- Directed by: Mitsuyo Seo
- Written by: Mitsuyo Seo
- Music by: Noboru Itō
- Release date: 25 March 1943;
- Running time: 37 minutes
- Country: Japan
- Language: Japanese

= Momotarō's Sea Eagles =

1943 Japanese animated film

Momotarō's Sea Eagles

Momotarō's Sea Eagles (桃太郎の海鷲, Momotarō no Umiwashi) is a Japanese animated propaganda film produced in 1942 by Geijutsu Eigasha and released on 25 March 1943. With a running time of 37 minutes, it was close to being a feature-length film.

A DVD version without English subtitles was released in Japan by the bookstore chain Kinokuniya Shoten in 2004; a version with English subtitles was released in the United States by Zakka Films in 2009.

Although recorded as being produced with the cooperation of the Japanese Naval Ministry, there was in fact no such cooperation (due to concerns about official military secrets). However, the Japanese Imperial Navy did endorse the film .

Featuring the "Peach Boy" character of Japanese folklore, the film was aimed at children, and tells the story of a naval unit consisting of the young boy Momotarō and several animal species representing the Far Eastern races fighting together for a common goal. In a dramatization of the attack on Pearl Harbor, the force attacks the demons at the appropriately named island of Onigashima ('Demon Island', which represents the British and American military). The film also utilizes actual footage of the Pearl Harbor attack. A sequel, Momotaro: Sacred Sailors, was released in 1945, which was the first full-length Japanese animated film.

== Plot ==
The film opens on board an aircraft carrier on rough waters, with squadrons of monkeys, pheasants, and dogs preparing their planes for war. These animals are not perfect soldiers however; they act in a silly way, giving them a very human feel. At the center stands the stoic and heroic Momotaro, giving orders to the animals, who board their planes and take off. The flight to Hawaii passes without incident, apart from a monkey helping a lost baby bird find its parent.

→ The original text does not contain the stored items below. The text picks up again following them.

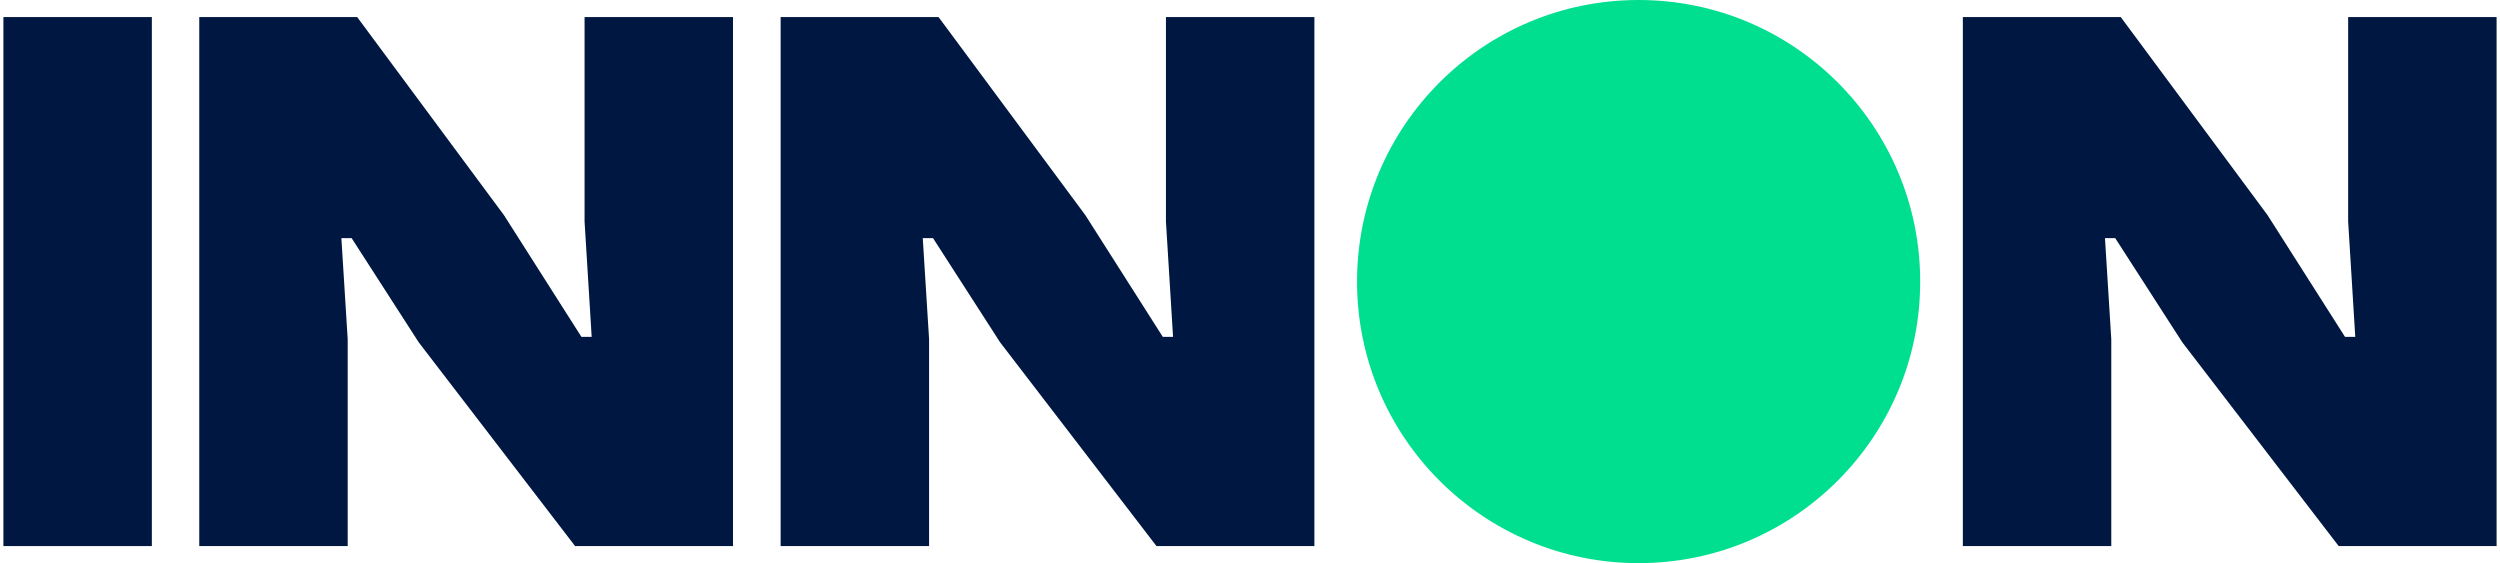 <svg width="586" height="132" viewBox="0 0 586 132" fill="none" xmlns="http://www.w3.org/2000/svg">
<path d="M35.592 128H0.798V4H35.592V128Z" fill="#001741"/>
<path d="M81.499 128H46.706V4H83.72L118.144 50.454L136.282 78.955H138.688L137.022 51.934V4H171.816V128H134.801L98.156 80.251L82.425 55.821H80.019L81.499 79.51V128Z" fill="#001741"/>
<path d="M217.775 128H182.981V4H219.996L254.42 50.454L272.557 78.955H274.963L273.298 51.934V4H308.092V128H271.077L234.432 80.251L218.701 55.821H216.295L217.775 79.51V128Z" fill="#001741"/>
<circle cx="384.092" cy="66" r="66" fill="#00DF8F"/>
<path d="M494.885 128H460.091V4H497.106L531.53 50.454L549.667 78.955H552.073L550.408 51.934V4H585.202V128H548.187L511.542 80.251L495.811 55.821H493.405L494.885 79.51V128Z" fill="#001741"/>
</svg>

The animals arrive and the attack begins. The soldiers aboard the ships docked in Pearl Harbor panic and scramble, trying to flee; as evidenced by a large amount of bottles lying around, some are too drunk to move or think properly. The main soldier shown is stupid, overweight, and cowardly. As the attack continues, some monkeys go on land to destroy American planes. The main American soldier literally shakes the red and blue off the American flag to wave it as a white flag of surrender. Pearl Harbor is left in smoking ruins as the animals return to the aircraft carrier to celebrate.

== Propaganda use ==
The Japanese government used the character of Momotaro as the hero because the story (dating back to the Edo period) was extremely well known in Japan – comparable to the Three Little Pigs in Western countries. In the film, Momotaro and the animal characters were not only lovable but were already known for their heroic personality traits. The "pretty characters and comical battle scenes enabled Japanese citizens to watch a war movie without hesitation". In addition, the original story features Momotaro and his companions travelling to a demon-inhabited island, which this film replaced with the American-infested Hawaii, creating a direct link between foreigners and evil creatures.

From 1942 to 1945, "national policy films" (AKA propaganda films) made up a large percentage of Japanese cinema. Momotaro's Sea Eagles was an extremely successful example of this, and was especially popular among young children. The 37-minute film was so well received that a 74-minute sequel, Momotaro's Divine Sea Warriors, was released in 1945. The cute and entertaining sequel – in which no fatalities are shown – was intended to give the war a soft, righteous feel.

==National stereotypes depicted in the film==
The fictional character Bluto, the main antagonist of the Popeye cartoons, makes an appearance in this film as a stereotypical drunk. This is one of a number of examples of Axis nations using American cartoon characters to portray the United States in animated films, just as the Allied forces used Hitler, Mussolini, and Emperor Hirohito, as well as Nazis and Japanese soldiers in their propaganda films.

==Trivia==
The film is predated by two years by the Chinese production Princess Iron Fan, which was 73 minutes long and is therefore recognised as the first Asian animated feature film.